You have to have suffered the torment of Western blotting to appreciate this cartoon and it’s nigh on impossible to really explain the job to someone who hasn’t. Although please feel free to have a go below.
Western blotting is integral to almost any experiment that involves proteins whether it’s validating an antibody, the success of a knockdown or identifying binding partners. And yet it all hinges on the fickle nature of having a decent antibody one of the most misunderstood and abused areas of modern research. Entire mythologies evolve in labs about the exact set of circumstances required not just to get bands but at the right size too. There are descriptions of Elven lore in the Lord of the Rings that are less esoteric. And then of course there’s the desperate rationalisation of why the bands are at the wrong size. Hmmm, probably glycosylation was always my personal favourite.
There are two common outcomes which show up scientists who ought to know better. One is the horrible smiley, smeary blot, usually presented by a PhD student with a thousand yard stare that hints at long nights and weekends spent optimising every step of the protocol to no avail. Either their supervisor doesn’t have the heart to tell them to give it up or is a sadist. Either way, the blot is meaningless. The second is the blot that has been cropped so tight that it is literally just a band and becomes totally meaningless. Annotating it with a size marker doesn’t make it OK!

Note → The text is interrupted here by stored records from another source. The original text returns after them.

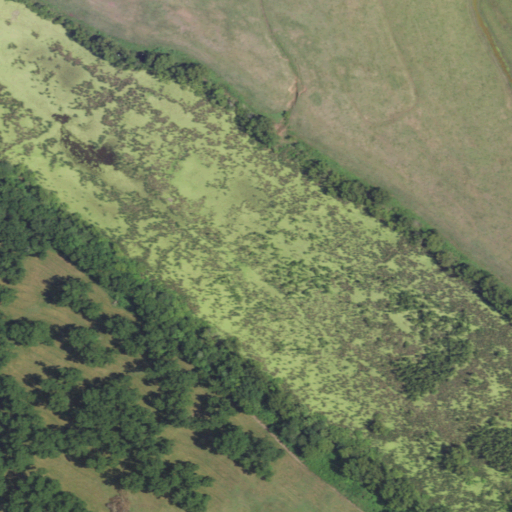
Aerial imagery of plain(s) in Louisiana named Moon Lake Bed containing woody wetlands, pasture, mixed forest, grassland, deciduous forest, open water, and shrub
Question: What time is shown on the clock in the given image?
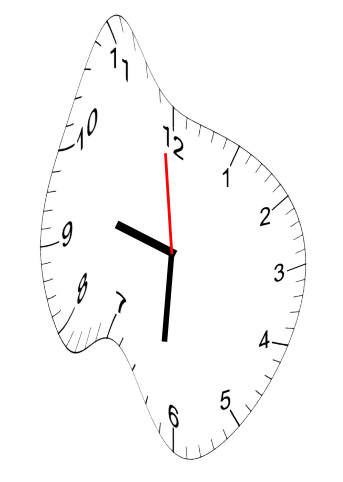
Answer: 09:30:59
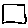
Label: square
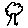
Label: tree
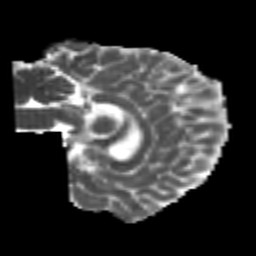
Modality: MD
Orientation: sagittal
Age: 22
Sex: female
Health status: healthy
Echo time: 0.074 s
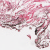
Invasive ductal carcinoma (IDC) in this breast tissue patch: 0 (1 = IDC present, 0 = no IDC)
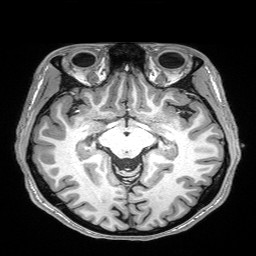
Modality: T1w
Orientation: coronal
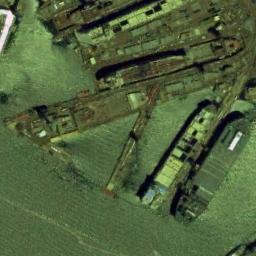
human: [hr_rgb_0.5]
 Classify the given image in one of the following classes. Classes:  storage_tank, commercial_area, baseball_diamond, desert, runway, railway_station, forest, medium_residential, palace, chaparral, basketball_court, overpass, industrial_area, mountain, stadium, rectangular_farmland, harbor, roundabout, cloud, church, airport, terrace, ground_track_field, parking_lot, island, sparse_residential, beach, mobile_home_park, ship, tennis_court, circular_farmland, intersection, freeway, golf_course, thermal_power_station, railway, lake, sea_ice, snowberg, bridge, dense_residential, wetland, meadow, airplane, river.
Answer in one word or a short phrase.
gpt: ship

The situation is not helped by the opacity of antibody suppliers as to which application a given antibody works in. Catalogues are full of ‘representative’ blots that exhibit the sins above and yet still we part with our hard-earned research funds in the hope that this time things will be different. There is also the in-house antibody made by the lab publishing the suspiciously neat data. Sure they’ll send you an aliquot…eventually. What do you mean it doesn’t work? It’s fine in our hands. Are you sure your Tris was pH 7.245?